BAFF promotes heightened BCR responsiveness and manifestations of chronic GVHD after allogeneic stem cell transplantation.

Blood 2021 May;137(18):2544-2557

Division of Hematological Malignancies and Cellular Therapy, Department of Medicine and.

Patients with chronic graft-versus-host disease (cGVHD) have increased B cell-activating factor (BAFF) levels, but whether BAFF promotes disease after allogeneic bone marrow transplantation (allo-BMT) remains unknown. In a major histocompatibility complex-mismatched model with cGVHD-like manifestations, we first examined B-lymphopenic μMT allo-BMT recipients and found that increased BAFF levels in cGVHD mice were not merely a reflection of B-cell number. Mice that later developed cGVHD had significantly increased numbers of recipient fibroblastic reticular cells with higher BAFF transcript levels.

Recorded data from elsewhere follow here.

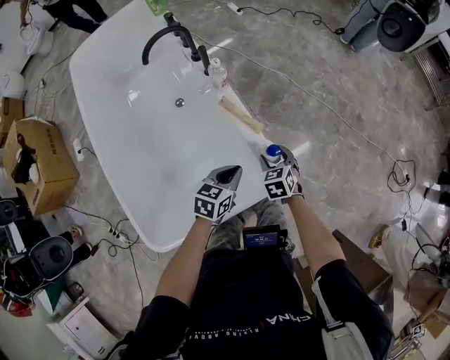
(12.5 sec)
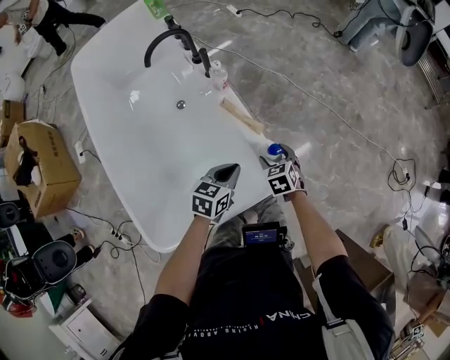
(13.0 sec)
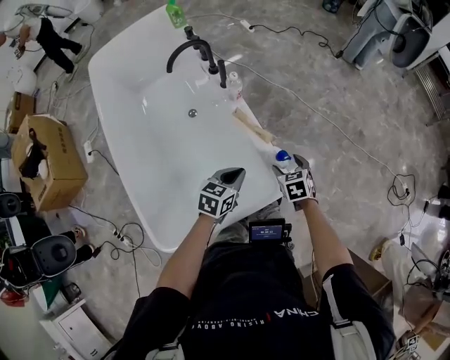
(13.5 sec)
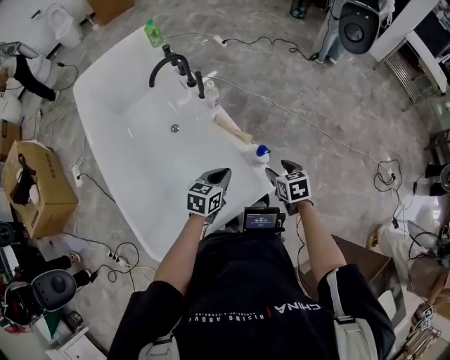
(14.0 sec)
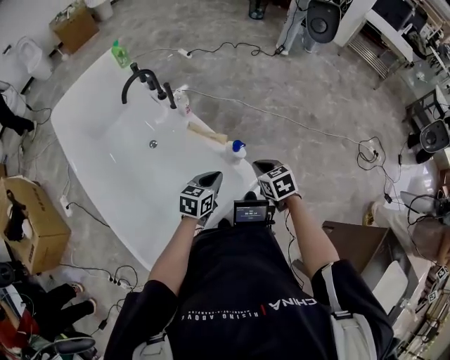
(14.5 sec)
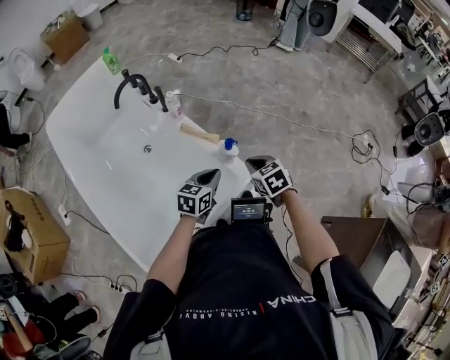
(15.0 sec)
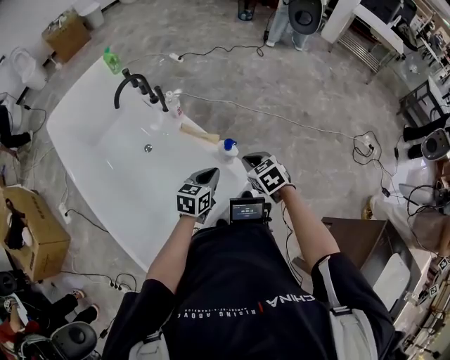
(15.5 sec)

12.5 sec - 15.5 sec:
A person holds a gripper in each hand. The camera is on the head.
12.5 sec - 14.0 sec: The right gripper travels upward and backward by approximately 10 cm, while the left gripper travels upward by about 5 cm.
14.0 sec - 15.5 sec: The left gripper goes roughly 5 cm to the right. The right gripper is displaced upward by about 5 cm, and closes up.
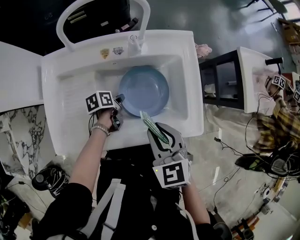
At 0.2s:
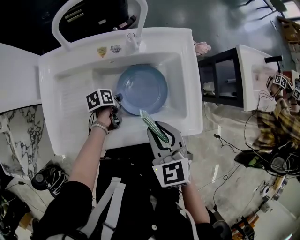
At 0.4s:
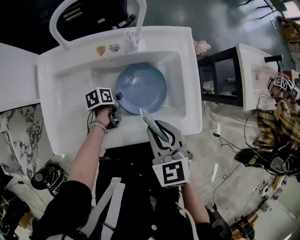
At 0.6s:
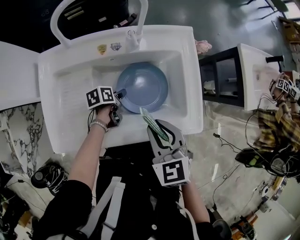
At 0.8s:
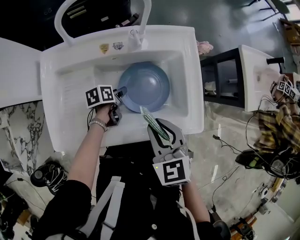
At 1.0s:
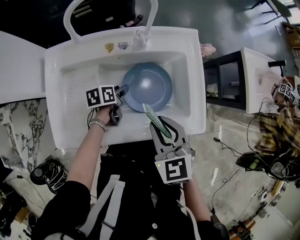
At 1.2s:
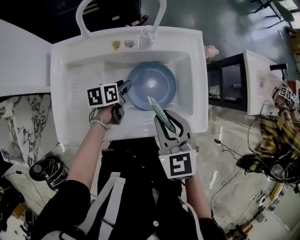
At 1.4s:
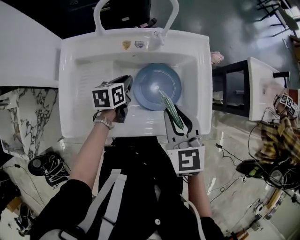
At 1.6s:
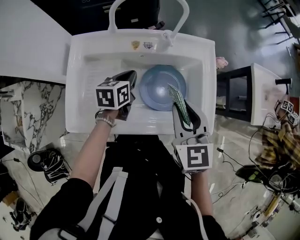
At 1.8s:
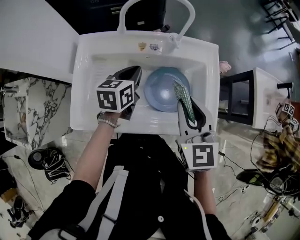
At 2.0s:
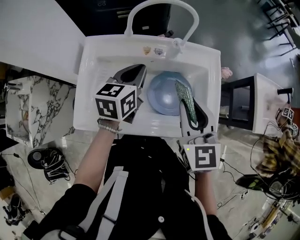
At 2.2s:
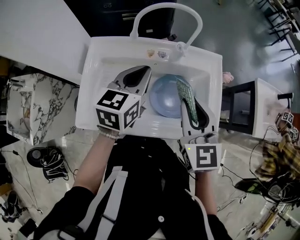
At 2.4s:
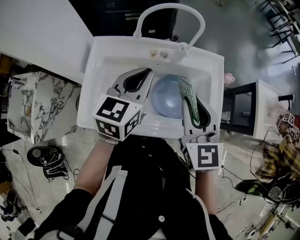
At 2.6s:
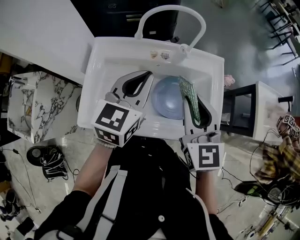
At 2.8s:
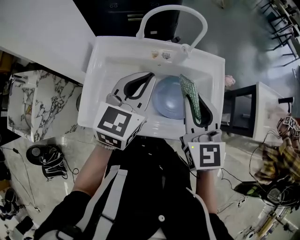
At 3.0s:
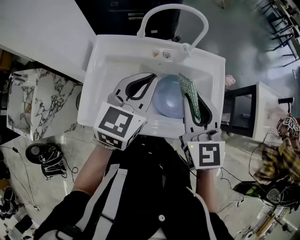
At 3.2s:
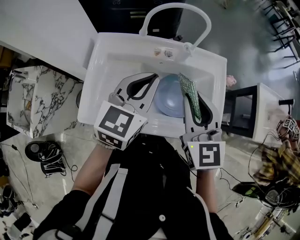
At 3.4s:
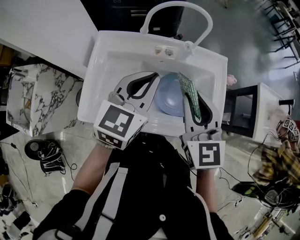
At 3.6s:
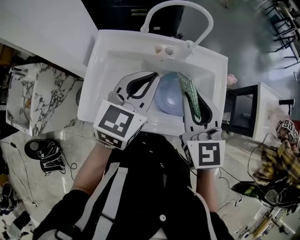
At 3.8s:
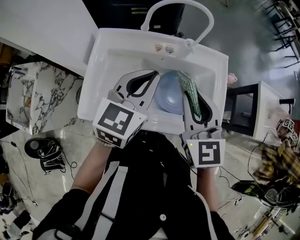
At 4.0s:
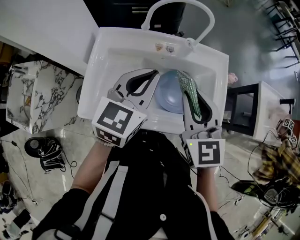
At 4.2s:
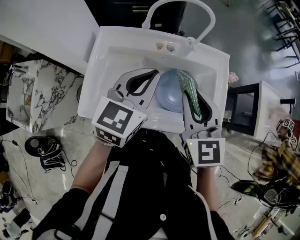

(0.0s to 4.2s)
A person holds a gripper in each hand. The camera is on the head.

Increased BAFF production by donor cells also likely contributed to cGVHD, because BAFF transcript in CD4+ T cells from diseased mice and patients was increased. cGVHD manifestations in mice were associated with high BAFF/B-cell ratios and persistence of B-cell receptor (BCR)-activated B cells in peripheral blood and lesional tissue. By employing BAFF transgenic (Tg) mice donor cells, we addressed whether high BAFF contributed to BCR activation in cGVHD. BAFF increased NOTCH2 expression on B cells, augmenting BCR responsiveness to surrogate antigen and NOTCH ligand. BAFF Tg B cells had significantly increased protein levels of the proximal BCR signaling molecule SYK, and high SYK protein was maintained by BAFF after in vitro BCR activation or when alloantigen was present in vivo. Using T cell-depleted (BM only) BAFF Tg donors, we found that BAFF promoted cGVHD manifestations, circulating GL7+ B cells, and alloantibody production. We demonstrate that pathologic production of BAFF promotes an altered B-cell compartment and augments BCR responsiveness. Our findings compel studies of therapeutic targeting of BAFF and BCR pathways in patients with cGVHD.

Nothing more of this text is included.